GBP to INR hits the highest level since June 11 extending gains for the sixth consecutive session. The negative impact of the coronavirus pandemic continues to weigh on Indian Rupee, despite the gradual reopening of the Indian economy. India’s economy was running at around 4.2% in 2019.
Since the coronavirus outbreak, many agencies have downgraded their projections for the 2020 Indian GDP contraction. International Monetary Fund (IMF) expects in the latest Indian economy review to contract by 4.5% while Fitch expects a 5% contraction. The World Bank estimates that Indian GDP will contract by 3.2%. The Asian Development Bank forecasts that the Indian economy will contract by 4%.
On the other hand, the sentiment for GBP remains subdued as the deadlock in Brexit negotiations with the EU continues. The previous week negotiations between UK and EU failed to reach an agreement on critical issues. The economic data from the UK shows a gradual rebound to the economy, and that supports the British pound.

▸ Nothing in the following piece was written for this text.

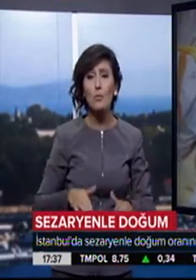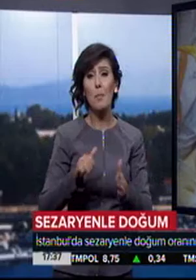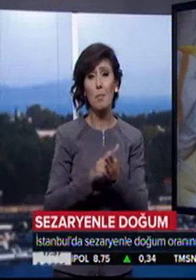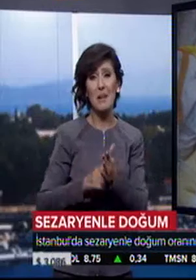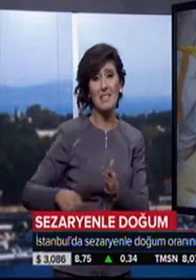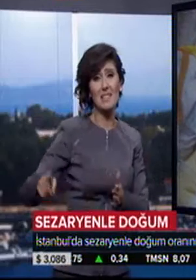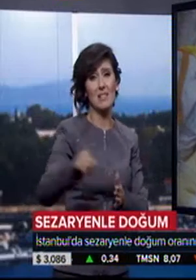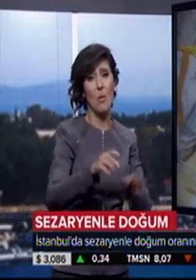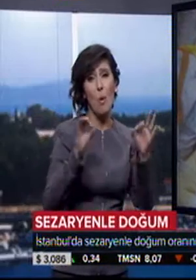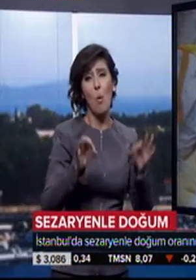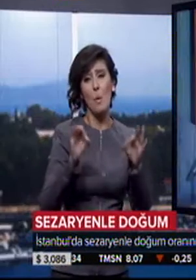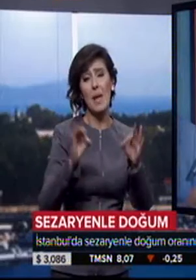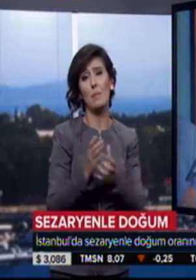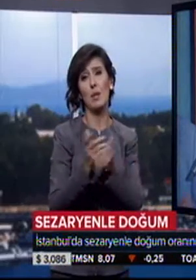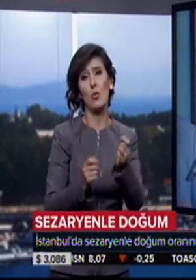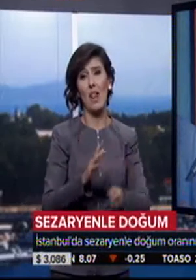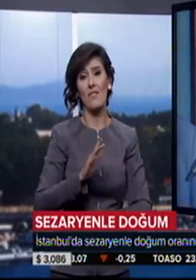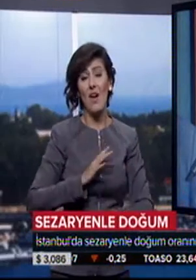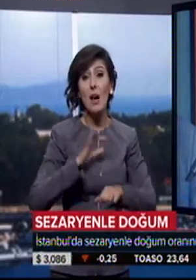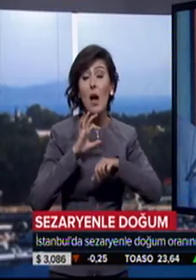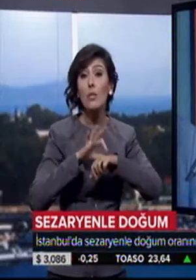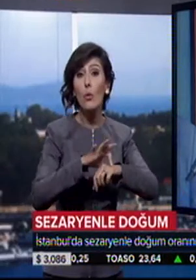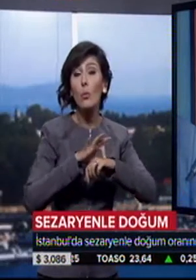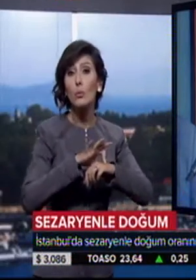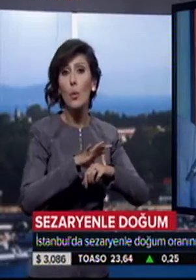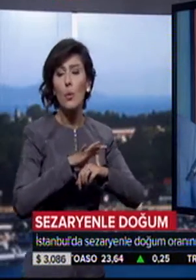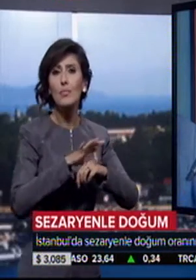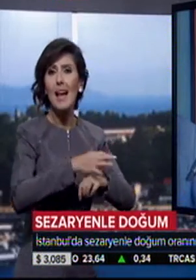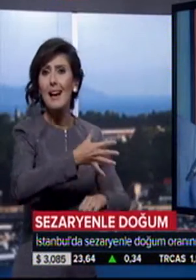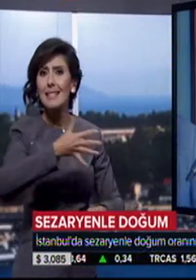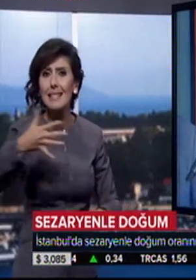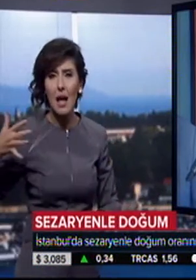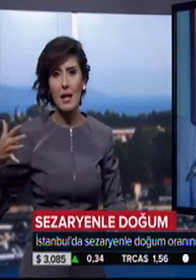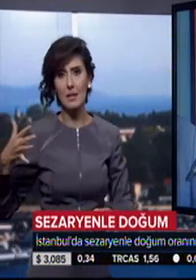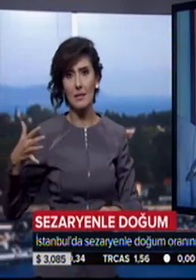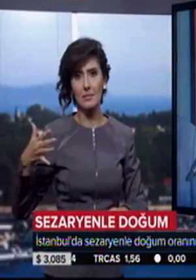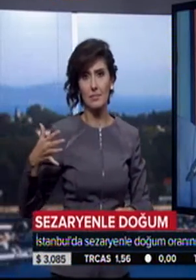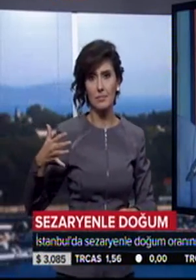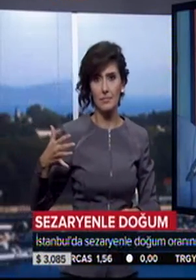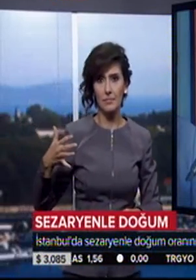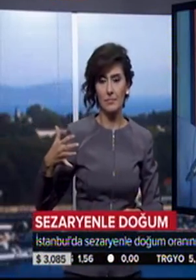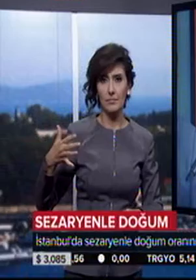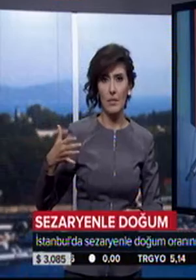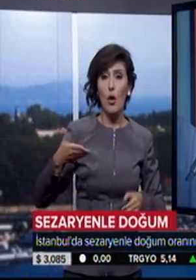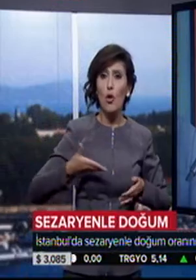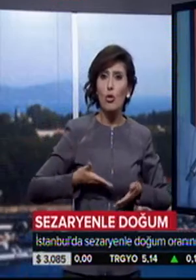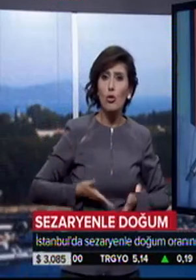görevler düştüğünü kaydetti. Hekimi, hastanenin primer olarak doğum

GBP to INR Daily Technical Analysis
GBP to INR adds 0.44% to 95.9815 marking the sixth consecutive session with gains as the pairs bullish momentum accelerated after it breached above the 50-day moving average. GBPINR rebound from the March lows continues with small corrections that stopped at the 200-day moving average. The technical outlook points to further gains as the pair makes consecutive higher highs and higher lows.
The attention is on higher levels, but first, the pair needs to clear the June highs at 96.80. A settlement above the June highs might open the way for a test of the yearly highs at 97.83.
Bearish traders are on the sidelines and looking for a break below 94.92 the lowest level from July 23. More bears would join the action if the pair breaks below the 50-day moving average at 94.3450. A credible break below might challenge the 100-day moving average at 93.7250.